The justices agreed to decide TikTok’s 1st Amendment appeal on a fast-track schedule, and they are likely to issue a ruling within a few days.
None of them sounded ready to declare the law unconstitutional.
In recent years, the justices have often struck down federal regulations, usually on the grounds that Congress had not authorized such a far-reaching rule.
But they are wary of striking down an act of Congress, particularly one based on a claim of national security.
The shutdown law is due to take effect on Jan. 19.
“We go dark. The platform shuts down,” TikTok attorney Noel Francisco told the court, if it did not act.
Even if the justices were not ready to strike down the law as unconstitutional, he said they should issue an order that temporarily delays the law from taking effect.
“A short reprieve would make all the sense in the world,” he said, because it would give Trump time to try to work out a deal that could keep TikTok in operation.
In 2020, Trump, in his first term, issued an executive order requiring TikTok to separate itself from Chinese ownership, but it was blocked by courts.
President Biden and Congress took up the issue after receiving classified briefings about the potential threat from ByteDance, the Chinese-controlled company that operates TikTok.
The administration tried and failed to work out a deal that would separate TikTok from Chinese control.
The shutdown law had the support of large bipartisan majorities in the House and Senate, and Biden signed it in April. By its terms the law was due to take effect in 270 days, on Jan. 19.
If the law goes into effect, it would be illegal for service providers such as Google or Apple to “distribute or maintain … a foreign advisory controlled application” in the United States. Violations could result in huge civil fines.
TikTok’s last and best hope may now rest with Trump. He changed his view last year about TikTok, which he said helped him reach young voters.
Two weeks ago, he filed a brief urging the court to stand aside and allow him to make a deal with TikTok’s owners.
None of the justices asked about Trump’s intervention.
The law allows for a one-time extension of up to 90 days if the new president determined there has been “significant progress” toward arranging a “qualified divestiture.”
It is not clear whether Trump could invoke that provision to delay the law from taking effect.

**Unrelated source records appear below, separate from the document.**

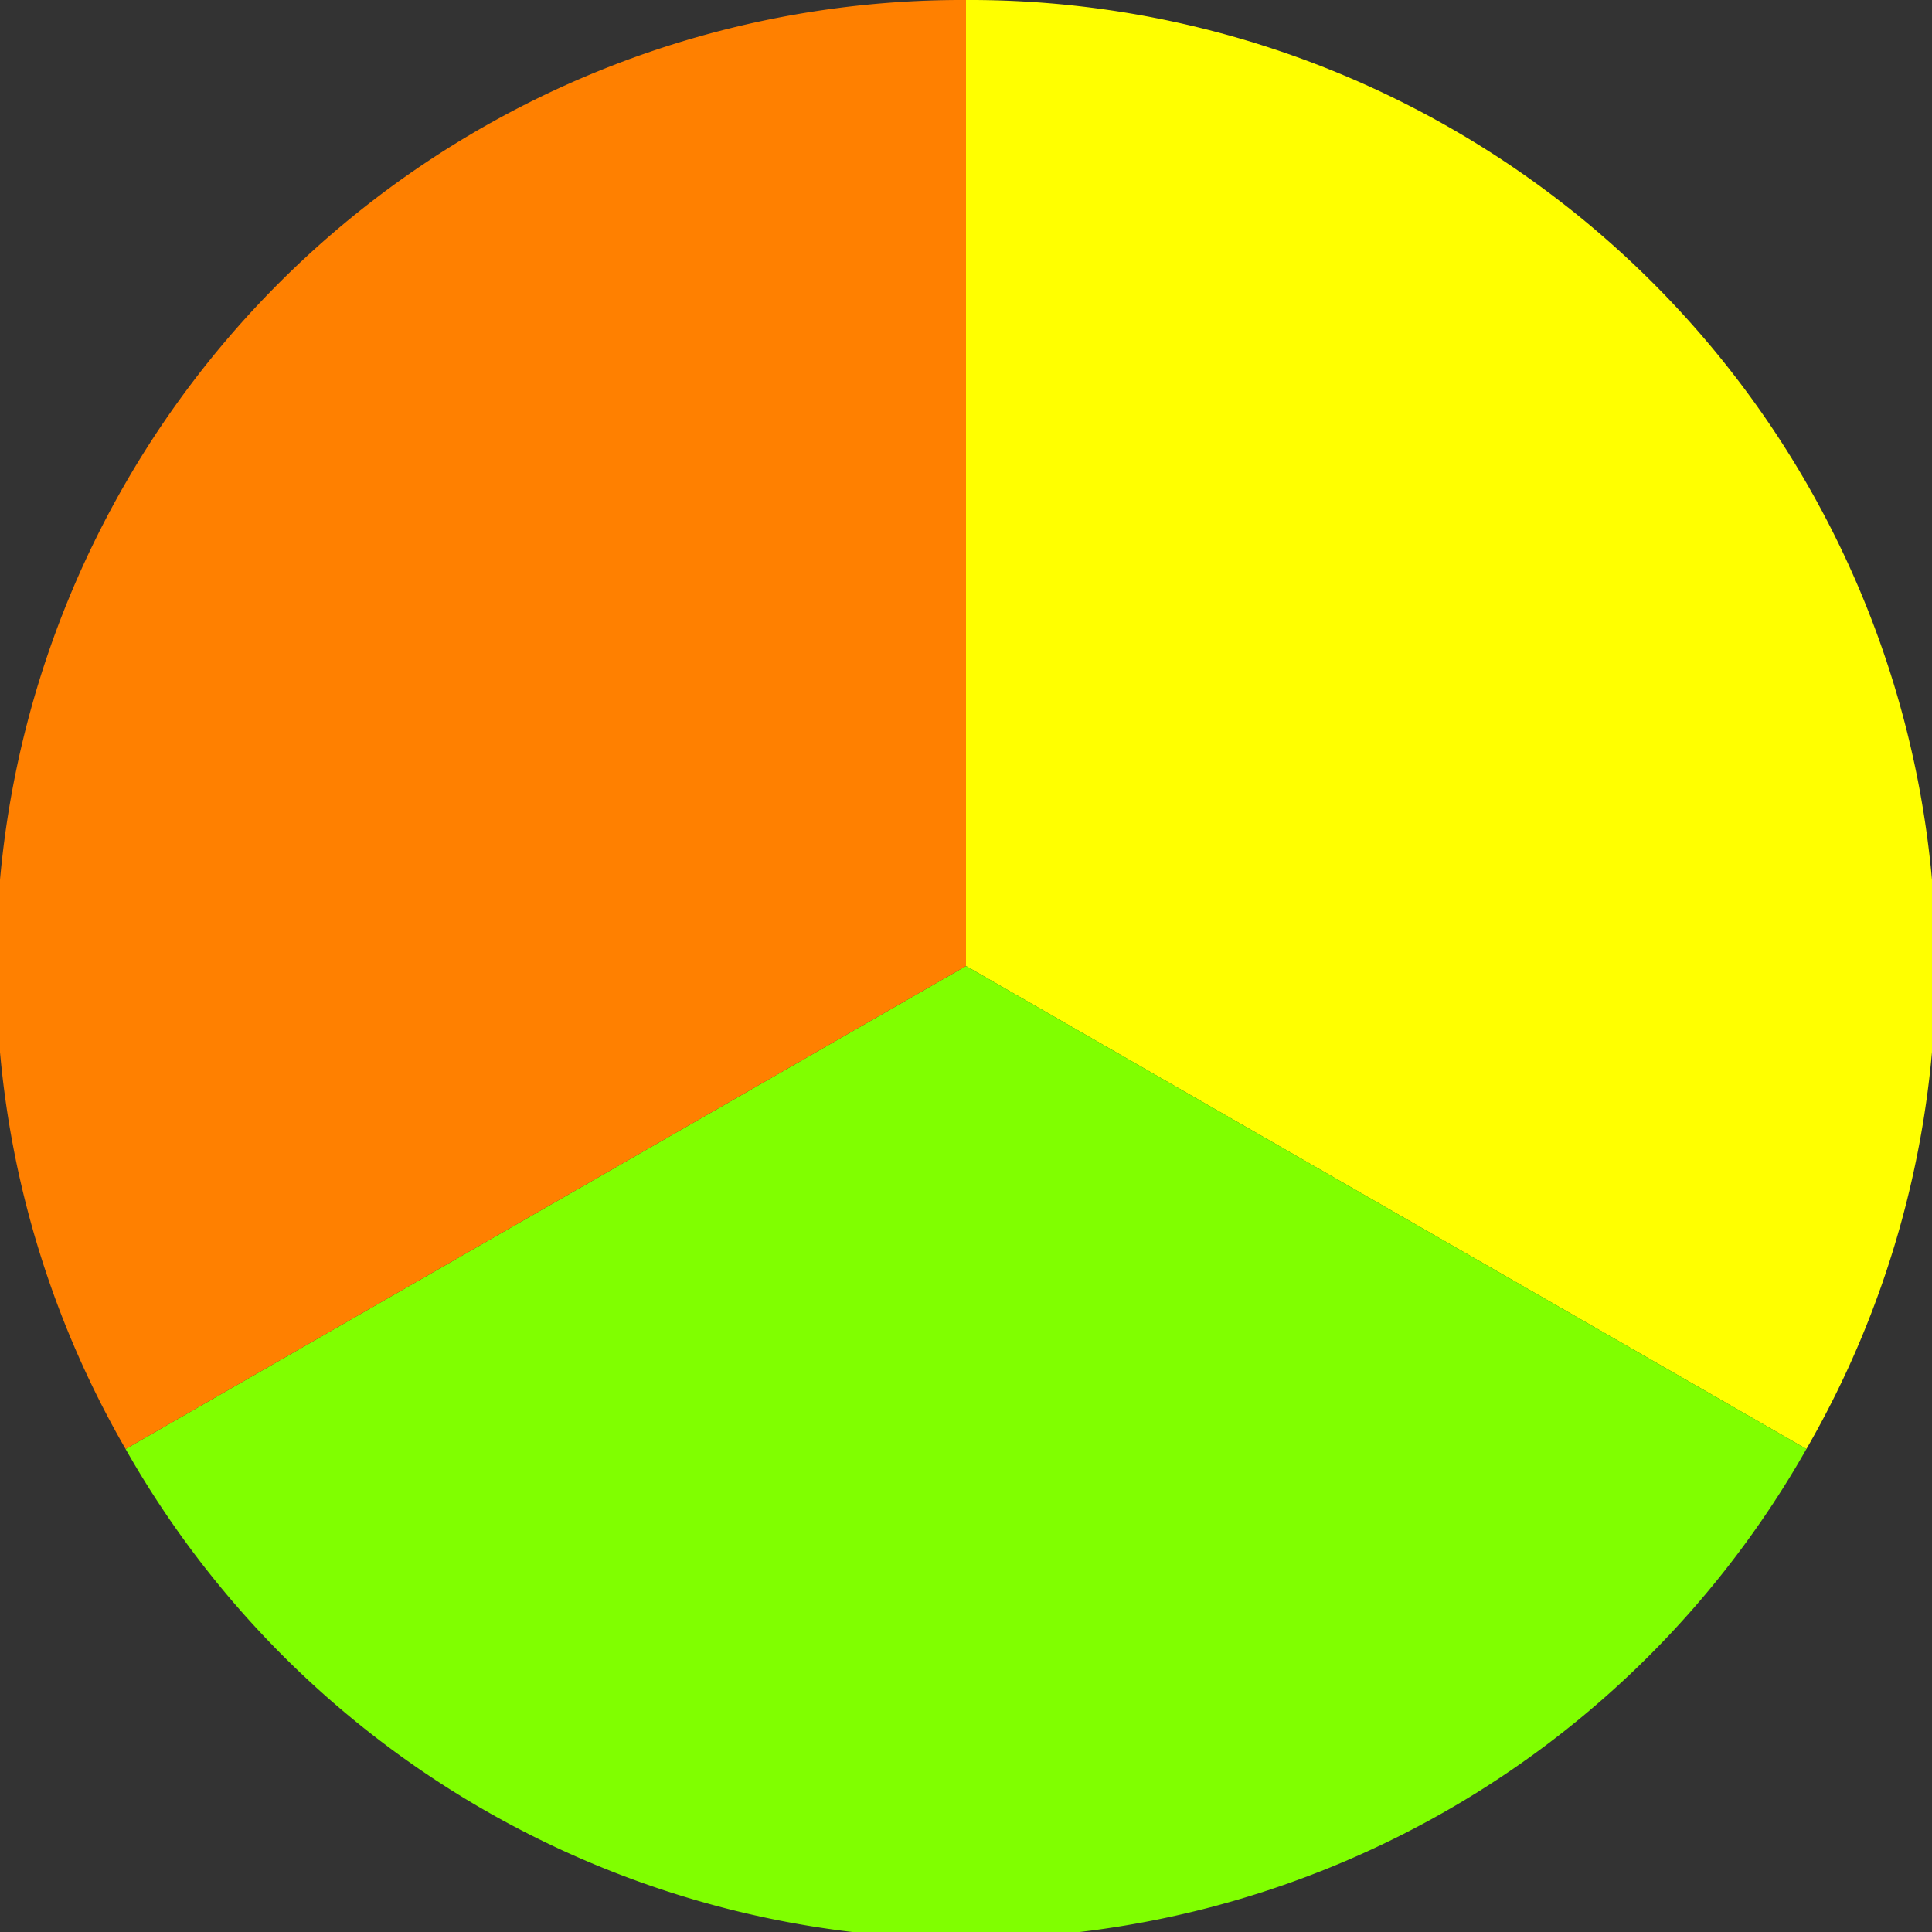 <?xml version="1.0" standalone="no"?>
<svg width="500" height="500" viewBox="-1 -1 2 2" xmlns="http://www.w3.org/2000/svg">
        <rect x="-1" y="-1" width="2" height="2" fill="#333333" stroke="none"/>
        <path d="M 0 -1 
             A 1,1 0 0,1 0.87 0.5             L 0,0
             z" fill="#ffff00" />
            <path d="M 0.87 0.5 
             A 1,1 0 0,1 -0.87 0.5             L 0,0
             z" fill="#80ff00" />
            <path d="M -0.87 0.5 
             A 1,1 0 0,1 -0 -1             L 0,0
             z" fill="#ff8000" />
    </svg>

On Wednesday, an investor group spearheaded by former Dodgers owner Frank McCourt submitted an offer to ByteDance for TikTok’s U.S. business. Terms of the deal were not disclosed, and a representative for the group, known as the People’s Bid for TikTok, declined to discuss the state of negotiations with the Chinese company on Friday.

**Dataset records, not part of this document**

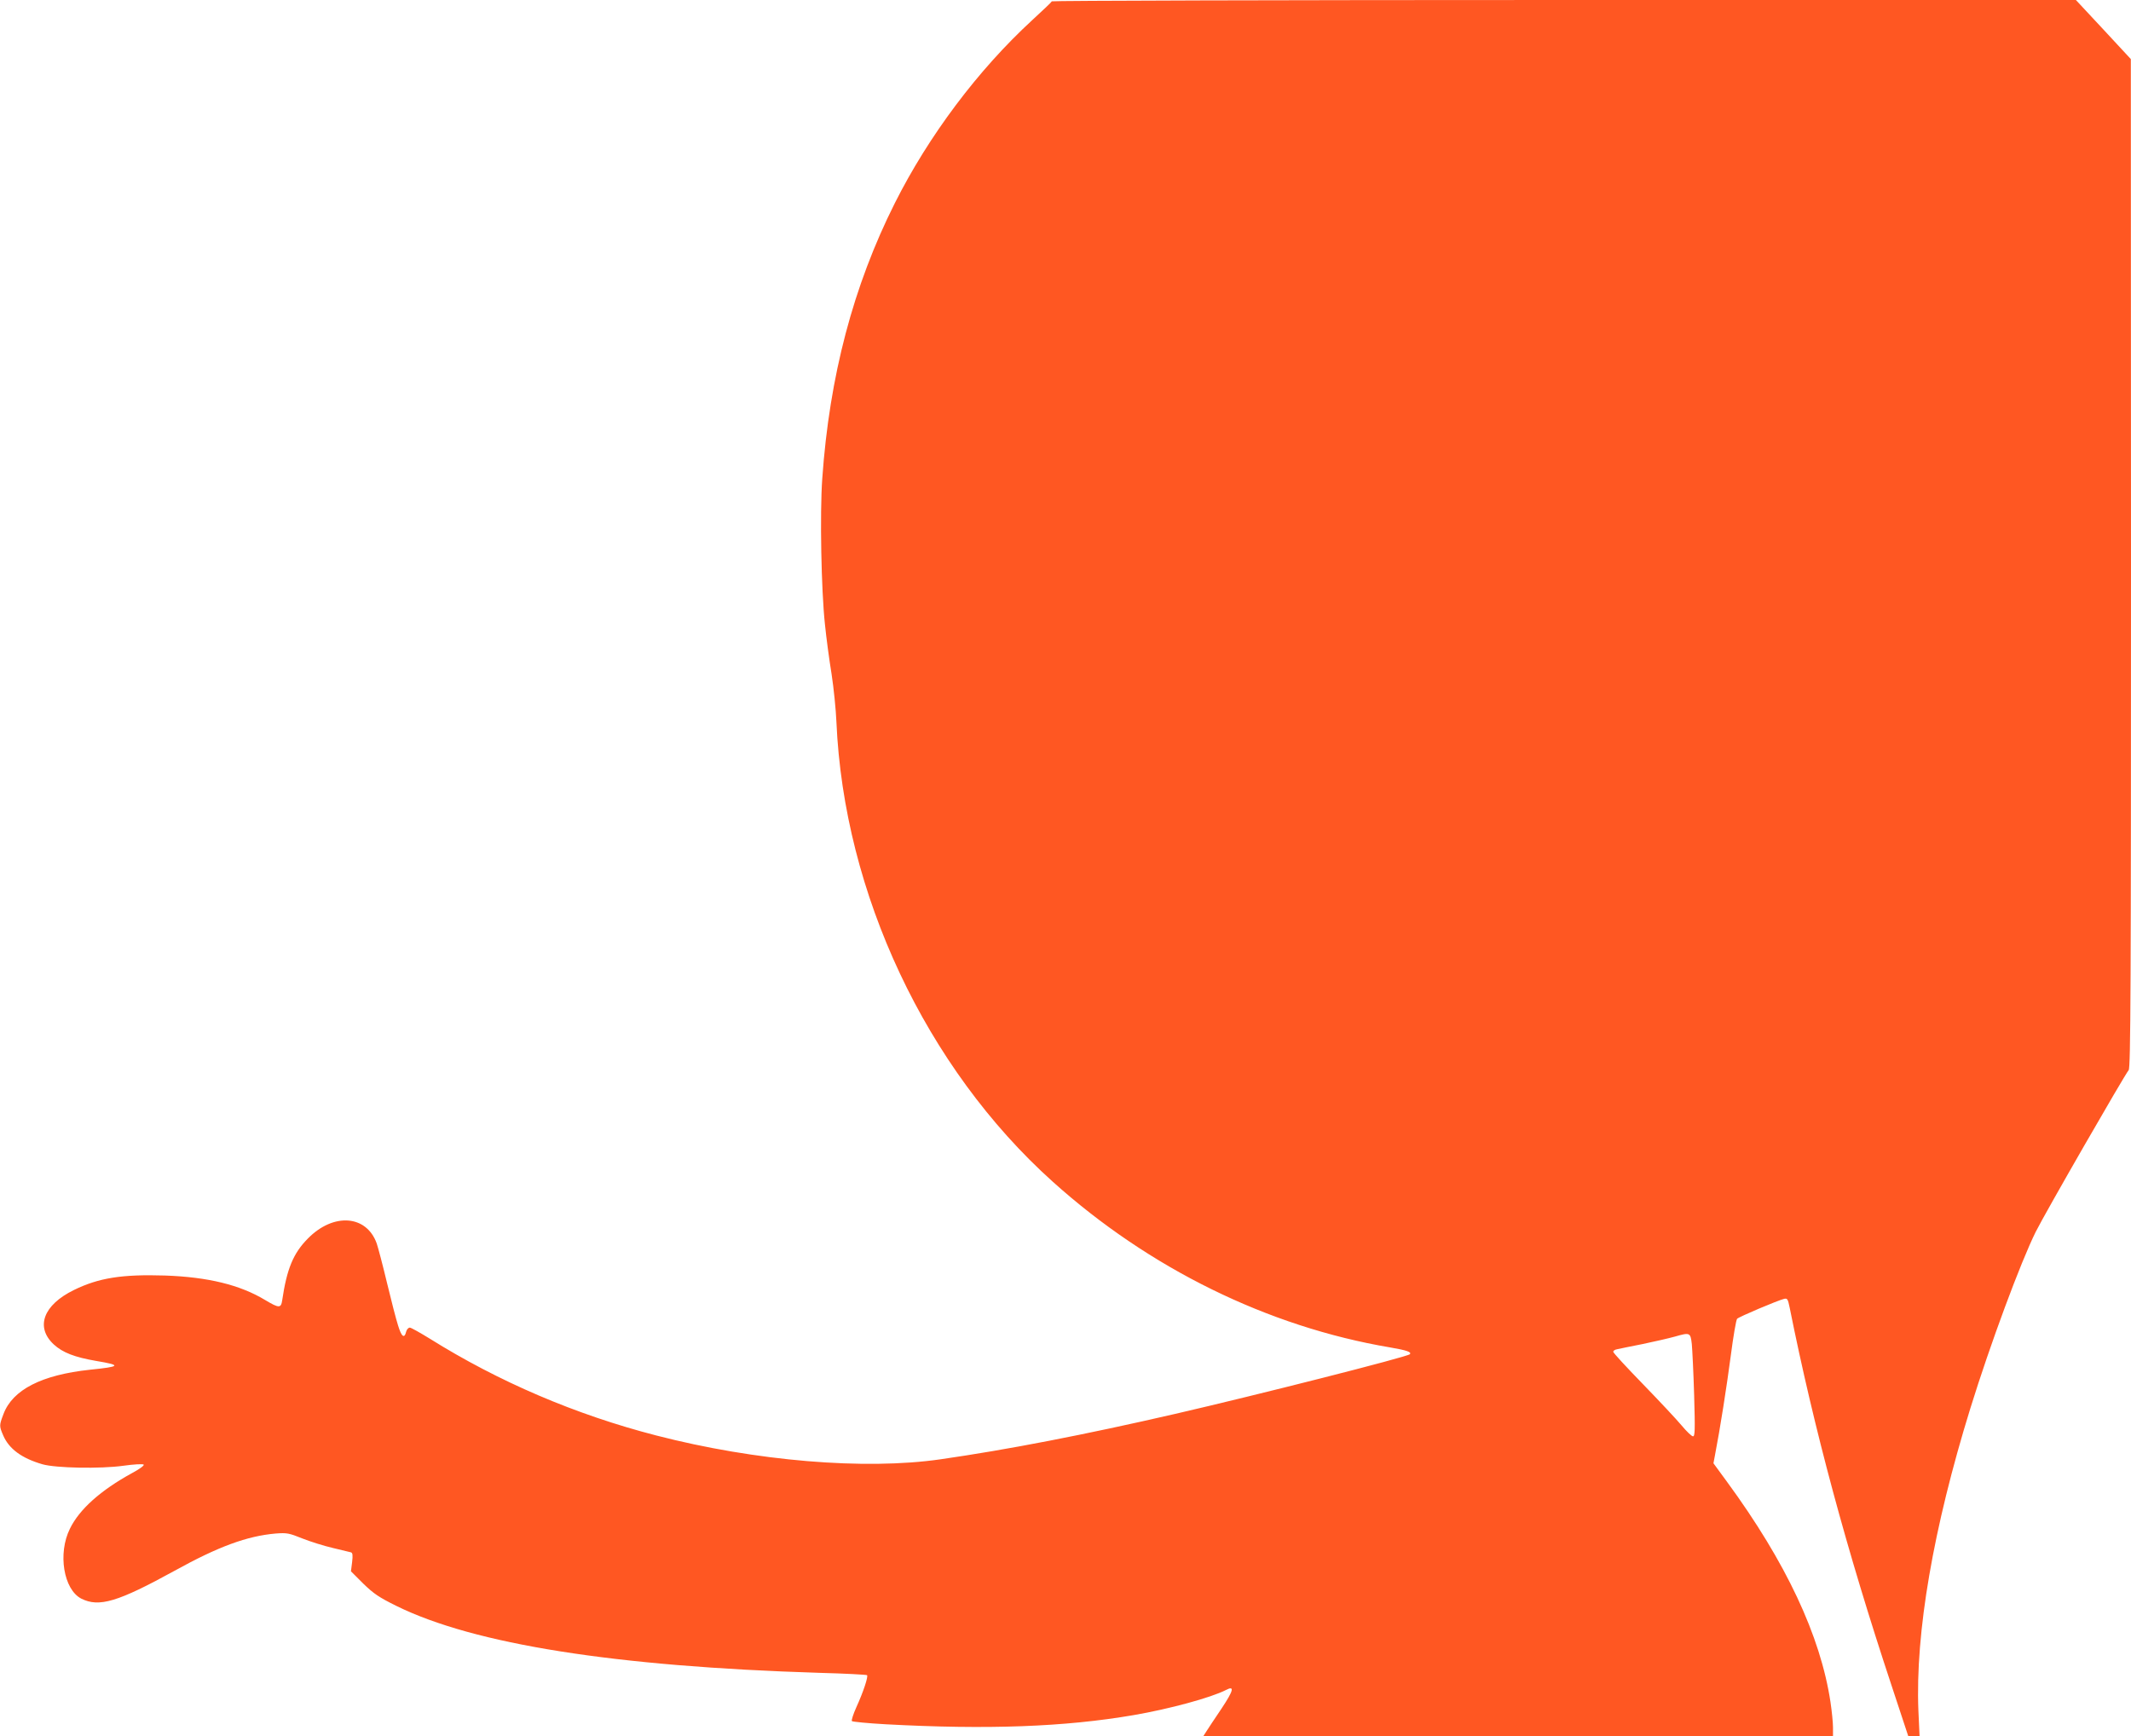 <?xml version="1.0" standalone="no"?>
<!DOCTYPE svg PUBLIC "-//W3C//DTD SVG 20010904//EN"
 "http://www.w3.org/TR/2001/REC-SVG-20010904/DTD/svg10.dtd">
<svg version="1.0" xmlns="http://www.w3.org/2000/svg"
 width="1280pt" height="1043pt" viewBox="0 0 1280 1043"
 preserveAspectRatio="xMidYMid meet">
<g transform="translate(0,1043) scale(0.1,-0.1)"
fill="#ff5722" stroke="none">
<path d="M6318 10422 c-1 -4 -55 -55 -118 -113 -326 -300 -622 -695 -825
-1099 -250 -498 -393 -1041 -436 -1655 -15 -210 -6 -672 16 -875 8 -80 26
-215 40 -300 13 -85 26 -215 29 -287 45 -1030 538 -2078 1299 -2762 579 -521
1293 -872 2027 -996 100 -17 131 -28 118 -41 -16 -16 -914 -244 -1408 -358
-547 -126 -1007 -215 -1410 -273 -456 -66 -1112 -11 -1708 143 -485 125 -947
323 -1361 582 -57 35 -110 65 -119 66 -9 0 -18 -10 -22 -23 -11 -46 -28 -33
-49 36 -12 37 -42 154 -67 258 -25 105 -53 210 -61 234 -61 172 -260 187 -414
30 -87 -88 -126 -181 -154 -371 -7 -48 -19 -48 -101 1 -152 92 -345 139 -604
148 -257 8 -397 -14 -546 -87 -184 -90 -233 -223 -121 -327 53 -49 126 -77
254 -99 155 -26 149 -34 -37 -53 -290 -31 -464 -120 -519 -266 -26 -68 -26
-72 -2 -128 35 -82 112 -138 236 -174 80 -23 348 -28 485 -9 64 9 118 12 123
7 5 -5 -25 -27 -70 -51 -188 -103 -316 -217 -373 -334 -74 -149 -38 -365 68
-420 107 -54 220 -20 562 168 262 145 434 208 606 223 67 5 79 3 161 -30 48
-19 131 -45 183 -57 52 -12 101 -24 108 -26 10 -3 12 -17 7 -59 l-7 -55 74
-74 c63 -61 94 -82 199 -134 467 -230 1311 -364 2542 -402 153 -4 281 -11 285
-14 8 -9 -23 -102 -64 -192 -19 -42 -31 -80 -27 -84 4 -4 96 -13 203 -19 611
-33 1075 -16 1489 55 216 37 465 105 555 151 53 28 46 -2 -27 -112 -41 -61
-82 -122 -91 -137 l-18 -28 1891 0 1891 0 0 53 c0 28 -7 97 -15 151 -60 399
-268 841 -621 1323 l-82 112 9 48 c31 159 71 416 95 598 15 116 32 215 38 222
11 12 245 111 283 120 19 4 22 -1 33 -54 146 -727 342 -1456 612 -2270 l100
-303 34 0 34 0 -7 153 c-19 468 89 1095 312 1816 120 388 303 880 393 1061 58
116 533 941 558 971 12 13 14 504 14 3045 l-1 3029 -165 178 -165 177 -3074 0
c-1690 0 -3075 -4 -3077 -8z m3844 -8067 c3 -33 10 -171 14 -307 6 -210 5
-248 -7 -247 -8 0 -39 30 -69 66 -30 36 -135 148 -232 248 -98 101 -178 187
-178 194 0 6 10 13 23 15 12 3 81 17 152 31 72 15 159 35 195 45 91 26 94 25
102 -45z"/>
</g>
</svg>

“Our assumption is the Supreme Court will uphold the law, and at that point the only way to preserve TikTok under law will be a divestiture,” said Tomicah Tillemann, president of Project Liberty, a New York-based organization that assembled the bid.
Tillemann said the investment group would rebuild the platform in a way that prioritizes the privacy of TikTok users.
“What we are focused on is providing a clear path forward that will allow for the preservation of the dynamic, vibrant community that is TikTok under American ownership,” Tillemann said.